- _What you need to do_
Check each line of the data below for the string "clipPath". Then give the number of lines that have it, without anything else.
========================================================================
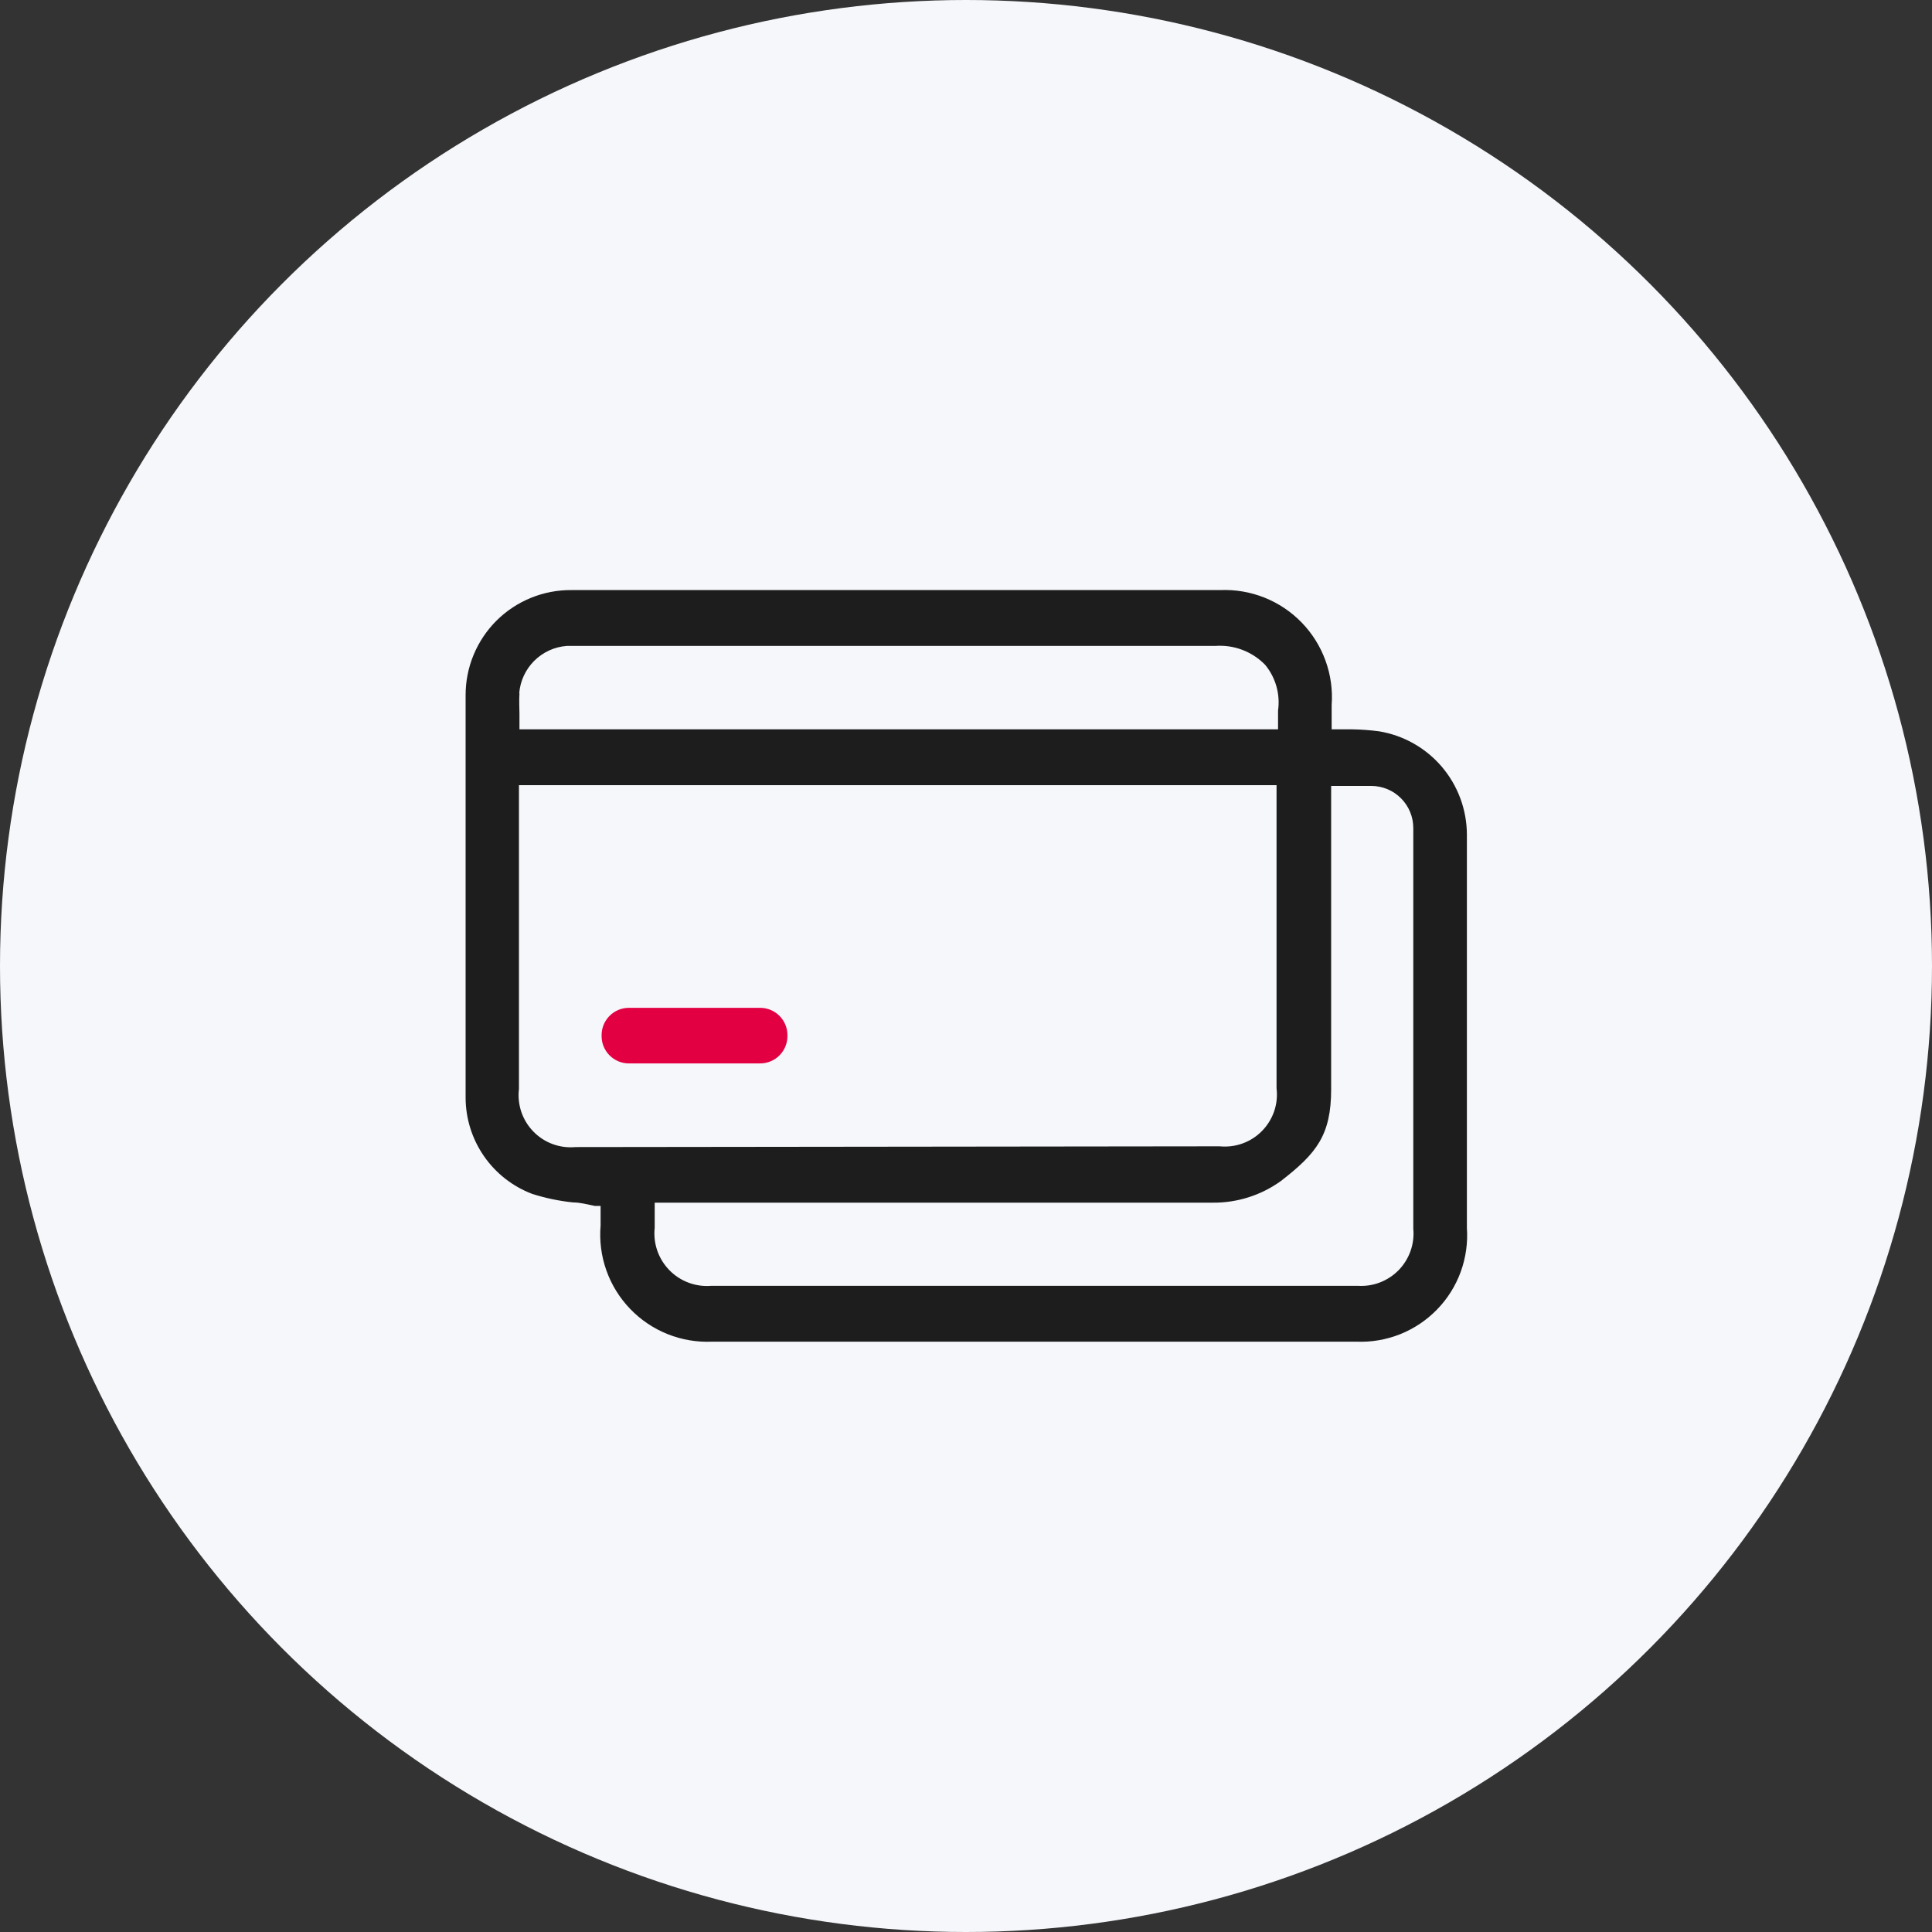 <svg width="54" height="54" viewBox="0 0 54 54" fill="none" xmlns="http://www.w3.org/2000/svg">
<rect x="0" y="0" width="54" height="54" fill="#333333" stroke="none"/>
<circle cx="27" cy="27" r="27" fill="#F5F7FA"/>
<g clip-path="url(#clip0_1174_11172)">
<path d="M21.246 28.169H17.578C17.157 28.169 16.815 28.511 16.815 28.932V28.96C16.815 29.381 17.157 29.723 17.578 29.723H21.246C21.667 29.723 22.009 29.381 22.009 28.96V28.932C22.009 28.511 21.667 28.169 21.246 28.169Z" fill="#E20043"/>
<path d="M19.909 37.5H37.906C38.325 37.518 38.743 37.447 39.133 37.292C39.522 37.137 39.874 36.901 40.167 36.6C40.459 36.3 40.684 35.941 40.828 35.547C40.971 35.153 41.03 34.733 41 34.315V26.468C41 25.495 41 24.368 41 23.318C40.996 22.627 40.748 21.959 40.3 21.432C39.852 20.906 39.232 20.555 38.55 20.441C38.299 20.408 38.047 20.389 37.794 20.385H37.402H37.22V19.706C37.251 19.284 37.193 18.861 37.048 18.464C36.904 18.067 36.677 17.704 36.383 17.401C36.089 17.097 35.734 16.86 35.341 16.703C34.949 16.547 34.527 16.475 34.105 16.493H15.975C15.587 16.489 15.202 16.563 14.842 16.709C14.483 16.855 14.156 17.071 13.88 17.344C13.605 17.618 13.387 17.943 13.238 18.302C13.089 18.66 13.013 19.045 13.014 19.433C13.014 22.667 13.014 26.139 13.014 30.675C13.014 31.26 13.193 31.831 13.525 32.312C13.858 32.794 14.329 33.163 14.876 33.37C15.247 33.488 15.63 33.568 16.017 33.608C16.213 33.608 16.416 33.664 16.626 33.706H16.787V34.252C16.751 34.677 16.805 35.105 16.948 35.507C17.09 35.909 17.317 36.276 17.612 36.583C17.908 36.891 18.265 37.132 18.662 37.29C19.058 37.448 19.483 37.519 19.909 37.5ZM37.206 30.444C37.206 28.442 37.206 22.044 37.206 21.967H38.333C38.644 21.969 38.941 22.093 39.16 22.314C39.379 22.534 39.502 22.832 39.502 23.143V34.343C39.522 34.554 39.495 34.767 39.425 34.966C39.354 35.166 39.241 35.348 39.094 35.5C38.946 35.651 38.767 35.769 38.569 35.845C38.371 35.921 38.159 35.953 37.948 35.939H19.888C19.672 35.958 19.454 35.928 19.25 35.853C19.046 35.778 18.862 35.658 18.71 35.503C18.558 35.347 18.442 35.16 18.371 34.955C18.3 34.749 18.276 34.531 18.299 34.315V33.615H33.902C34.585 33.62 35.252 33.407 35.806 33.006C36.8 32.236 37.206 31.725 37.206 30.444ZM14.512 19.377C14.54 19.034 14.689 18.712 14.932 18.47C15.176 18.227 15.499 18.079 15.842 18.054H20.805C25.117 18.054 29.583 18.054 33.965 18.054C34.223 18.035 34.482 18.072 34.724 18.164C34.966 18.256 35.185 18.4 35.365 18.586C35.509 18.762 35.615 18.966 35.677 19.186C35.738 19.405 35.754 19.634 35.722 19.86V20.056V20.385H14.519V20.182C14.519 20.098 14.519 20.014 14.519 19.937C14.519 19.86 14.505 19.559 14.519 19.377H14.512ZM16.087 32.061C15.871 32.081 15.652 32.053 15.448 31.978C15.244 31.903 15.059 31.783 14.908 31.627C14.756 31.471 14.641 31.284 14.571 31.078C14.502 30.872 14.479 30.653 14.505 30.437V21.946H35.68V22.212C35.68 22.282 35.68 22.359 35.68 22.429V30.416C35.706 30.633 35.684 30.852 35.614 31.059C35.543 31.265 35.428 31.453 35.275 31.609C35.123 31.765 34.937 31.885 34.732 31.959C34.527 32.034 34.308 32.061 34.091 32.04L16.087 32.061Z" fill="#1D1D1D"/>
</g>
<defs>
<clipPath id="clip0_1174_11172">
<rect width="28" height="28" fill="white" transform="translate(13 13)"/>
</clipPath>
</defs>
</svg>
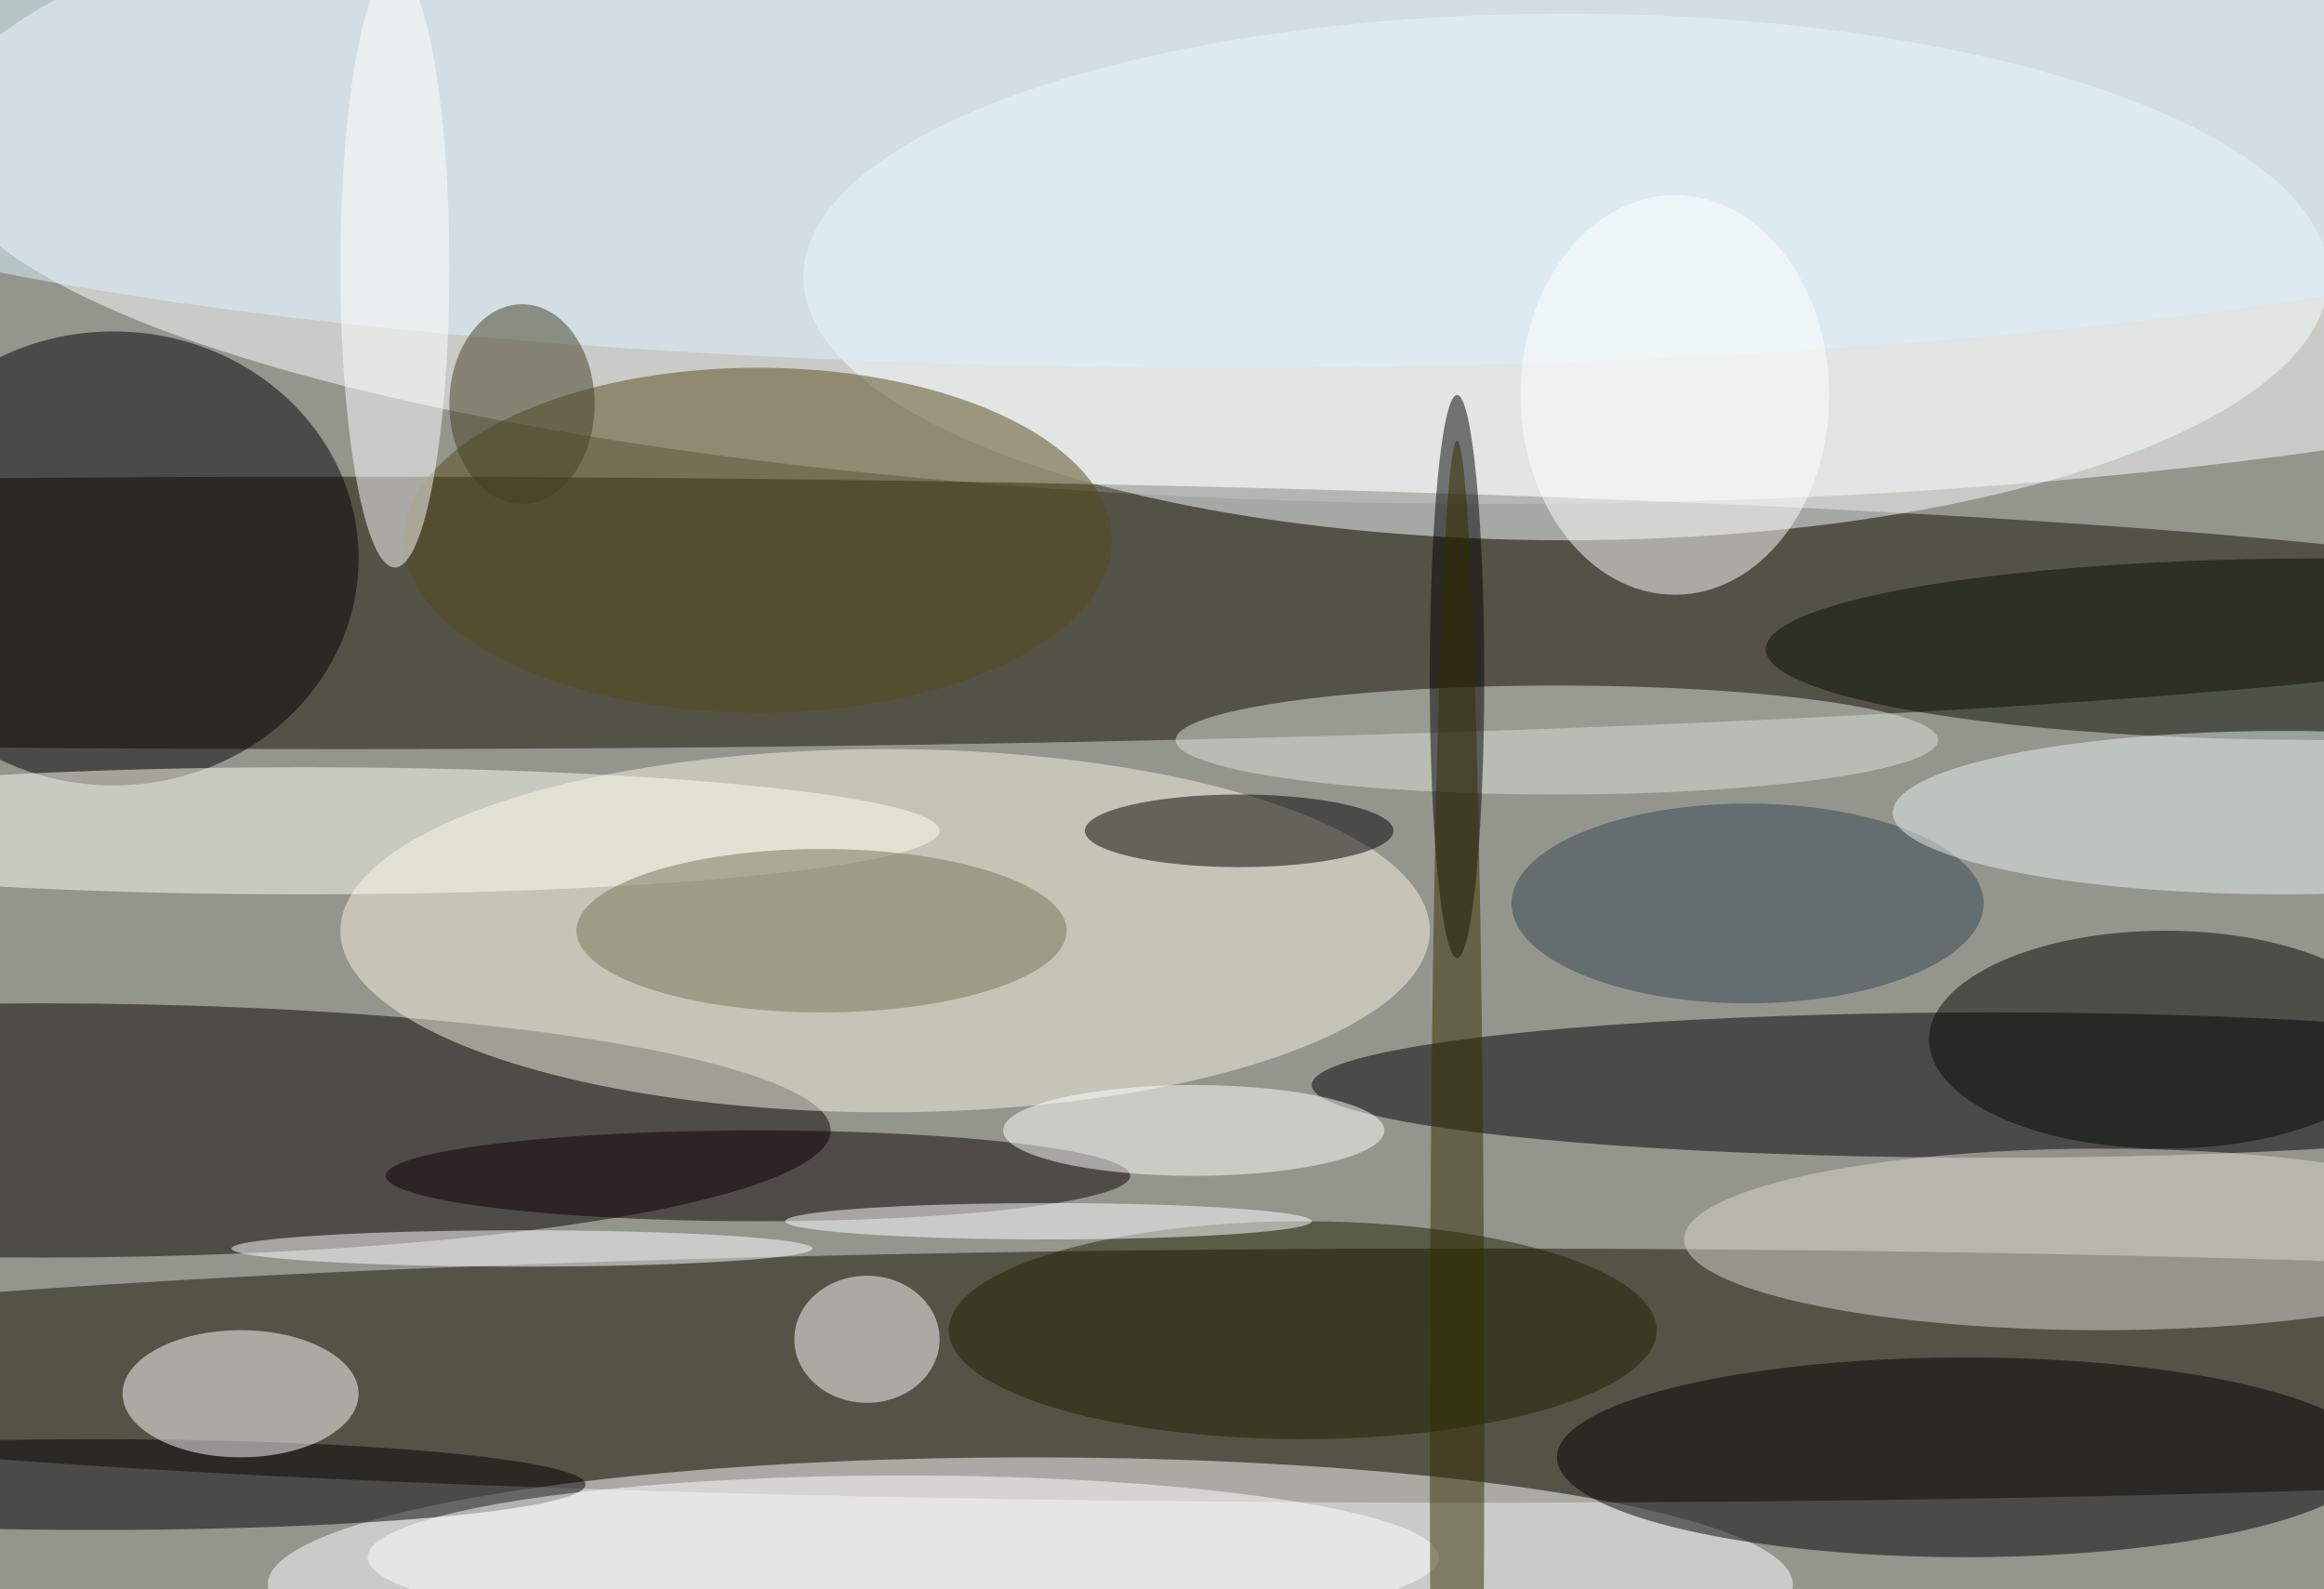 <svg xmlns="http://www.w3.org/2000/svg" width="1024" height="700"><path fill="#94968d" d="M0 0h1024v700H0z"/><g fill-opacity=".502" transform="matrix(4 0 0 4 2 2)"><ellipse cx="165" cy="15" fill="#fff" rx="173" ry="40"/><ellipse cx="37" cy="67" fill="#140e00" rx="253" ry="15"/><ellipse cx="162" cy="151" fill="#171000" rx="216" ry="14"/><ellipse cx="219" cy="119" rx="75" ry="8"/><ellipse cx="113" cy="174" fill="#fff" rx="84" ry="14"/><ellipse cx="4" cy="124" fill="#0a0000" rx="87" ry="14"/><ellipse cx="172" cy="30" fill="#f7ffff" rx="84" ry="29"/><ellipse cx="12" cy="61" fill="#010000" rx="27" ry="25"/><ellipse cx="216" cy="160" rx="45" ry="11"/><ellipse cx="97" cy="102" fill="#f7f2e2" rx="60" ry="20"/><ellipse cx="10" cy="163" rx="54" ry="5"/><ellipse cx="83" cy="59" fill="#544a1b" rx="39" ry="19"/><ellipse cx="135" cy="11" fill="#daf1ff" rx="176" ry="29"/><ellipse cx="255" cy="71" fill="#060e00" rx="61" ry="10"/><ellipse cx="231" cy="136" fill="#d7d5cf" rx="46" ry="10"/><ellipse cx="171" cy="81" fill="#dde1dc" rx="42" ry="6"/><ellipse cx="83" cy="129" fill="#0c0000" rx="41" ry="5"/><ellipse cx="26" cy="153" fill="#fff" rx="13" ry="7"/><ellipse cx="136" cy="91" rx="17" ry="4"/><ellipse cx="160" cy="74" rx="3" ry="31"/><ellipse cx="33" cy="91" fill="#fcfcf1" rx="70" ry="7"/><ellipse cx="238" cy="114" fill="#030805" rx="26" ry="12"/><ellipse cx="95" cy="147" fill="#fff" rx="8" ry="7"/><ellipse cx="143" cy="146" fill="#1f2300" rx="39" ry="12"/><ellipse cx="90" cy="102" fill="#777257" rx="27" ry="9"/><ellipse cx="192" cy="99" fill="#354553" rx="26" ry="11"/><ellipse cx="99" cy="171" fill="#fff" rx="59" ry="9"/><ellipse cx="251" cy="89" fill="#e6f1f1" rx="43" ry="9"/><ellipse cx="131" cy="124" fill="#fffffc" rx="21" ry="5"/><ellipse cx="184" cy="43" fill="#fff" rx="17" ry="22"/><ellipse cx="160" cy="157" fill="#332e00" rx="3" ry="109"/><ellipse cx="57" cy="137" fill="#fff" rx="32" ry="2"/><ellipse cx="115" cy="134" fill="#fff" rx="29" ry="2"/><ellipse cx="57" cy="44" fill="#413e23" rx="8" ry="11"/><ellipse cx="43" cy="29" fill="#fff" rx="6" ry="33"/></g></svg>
========================================================================
- _The answer_
2